## How do you take the complement of a regular language?

The complement of a DFA can be obtained by making the non-final states as final states and vice-versa. The language accepted by the complemented DFA L2 is the complement of the language L1. Lets first draw the DFA for L1 that accepts the strings of even length.

## Why is the complement of a regular language regular?

Remark 2: Since a language is regular if and only if it is accepted by some NFA, the complement of a regular language is also regular. Langauges are sets. Therefore all the properties of sets are inherited by languages. In particular De Morgan’s law also applies to languages.

**Is regular language closed under complement?**

The set of regular languages is closed under complementation. The complement of language L, written L, is all strings not in L but with the same alphabet.

**Why are regular languages closed under complement?**

Regular Languages are closed under complementation, i.e., if L is regular then L = Σ∗ \ L is also regular. Proof. If L is regular, then there is a DFA M = (Q,Σ, δ, q0,F) such that L = L(M). Then, M = (Q,Σ, δ, q0,Q \ F) (i.e., switch accept and non-accept states) accepts L.

### What is the complement of the language?

Defination: The complement of a language is defined in terms of set difference from Σ* (sigma star). that is L’ = Σ* – L. And the complement language (L’) of L has all strings from Σ* (sigma star) except the strings in L. Σ* is all possible strings over the alphabet Σ.

### Which language is accepted by finite automata?

Alternatively, a regular language can be defined as a language recognized by a finite automaton. The equivalence of regular expressions and finite automata is known as Kleene’s theorem (after American mathematician Stephen Cole Kleene).

**How do you prove a language is regular?**

To prove if a language is a regular language, one can simply provide the finite state machine that generates it. If the finite state machine for a given language is not obvious (and this might certainly be the case if a language is, in fact, non-regular), the pumping lemma for regular languages is a useful tool.

**Is the family of regular languages closed under infinite intersection?**

Each one is regular because it only contains one string. But the infinite union is the set {0i1i | i>=0} which we know is not regular. So the infinite union cannot be closed for regular languages.

#### What is meant by NFA?

NFA stands for non-deterministic finite automata. It is easy to construct an NFA than DFA for a given regular language. The finite automata are called NFA when there exist many paths for specific input from the current state to the next state. Every NFA is not DFA, but each NFA can be translated into DFA.

#### Can an infinite language be regular?

In the end, you can create infinite languages using finite descriptions (a regular expression). A finite language is a language containing a finite number of words. The simplest cases are those containing no words at all, the empty string, and a single string consisting of a single symbol (e.g. a in your example).

**Which type of language is accepted by PDA?**

The languages which can be accepted by PDA are called context-free languages (CFL), denoted by LCF. Diagrammatically, a PDA is a finite state automaton (see Fig. 5.1), with memories (push-down stacks).

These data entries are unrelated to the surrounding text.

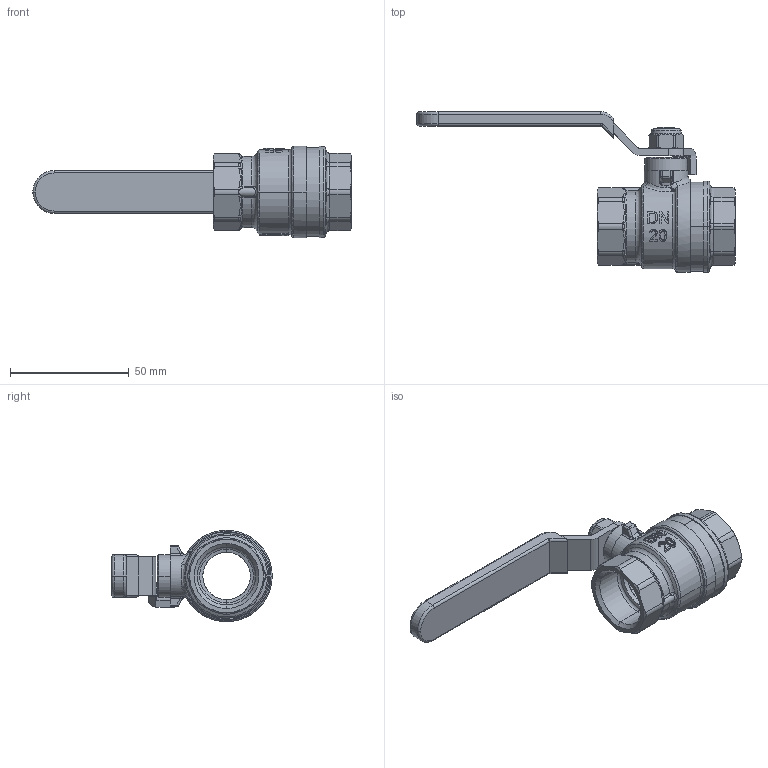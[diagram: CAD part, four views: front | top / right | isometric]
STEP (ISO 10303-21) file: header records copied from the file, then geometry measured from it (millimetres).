
FILE_DESCRIPTION (( 'STEP AP203' ), '1' );
FILE_NAME ('0811N405-surface.step', '2011-08-30T08:05:03', ( ' ' ), ( '' ), 'SwSTEP 2.0', 'SolidWorks 2011', '' );
FILE_SCHEMA (( 'CONFIG_CONTROL_DESIGN' ));
Length unit declared in the file: millimetre
Products named in the file (1): 0811N405-surface
Bounding box: 134.05 x 67.58 x 38.48 mm (x, y, z)
Surface area: 17818.7 mm2 (no closed solid volume)
Topology: 0 solids, 19 shells, 480 faces, 1497 edges, 1016 vertices
Faces by surface type: bspline 137, cylinder 123, plane 119, cone 56, torus 35, sphere 10
Entity records: 21620 total; most frequent: CARTESIAN_POINT 9676, ORIENTED_EDGE 2550, DIRECTION 2114, EDGE_CURVE 1474, VERTEX_POINT 1016, AXIS2_PLACEMENT_3D 731, VECTOR 652, LINE 652

**Is a * regular language?**

If a and b are regular expression, ab (concatenation of a and b) is also regular. If a is regular expression, a* (0 or more times a) is also regular. {a, ab, abb, abbb, abbbb,….} Regular Grammar : A grammar is regular if it has rules of form A -> a or A -> aB or A -> ɛ where ɛ is a special symbol called NULL.

## Why is the complement of a regular language still a?

Why is the complement of a regular language still a regular language? According to my textbook, the complement of L1 = A* – L1 is a regular language as long as L1 is a regular language. Doesn’t A* also include Context Free languages, Context Sensitive languages, and Recursively Enumerable languages?

## Which is a regular without complement without automata?

If you can show the intersection is a regular without complement and without automata that would be good as well. Alphabet Σ set of symbols, final. Word w finite concatenation of symbols from Σ and final. Sigma Kleene star Σ ∗ all words with symbols from Σ including ε the empty string. Language L subset of Σ ∗. Let L M be languages under Σ.

**Which is the most restricted type of language?**

As discussed in Chomsky Hierarchy, Regular Languages are the most restricted types of languages and are accepted by finite automata. Regular Expressions are used to denote regular languages.

**When are two regular expressions are the same?**

Note : Two regular expressions are equivalent if languages generated by them are same. For example, (a+b*)* and (a+b)* generate same language. For example, (a+b*)* and (a+b)* generate same language. Every string which is generated by (a+b*)* is also generated by (a+b)* and vice versa.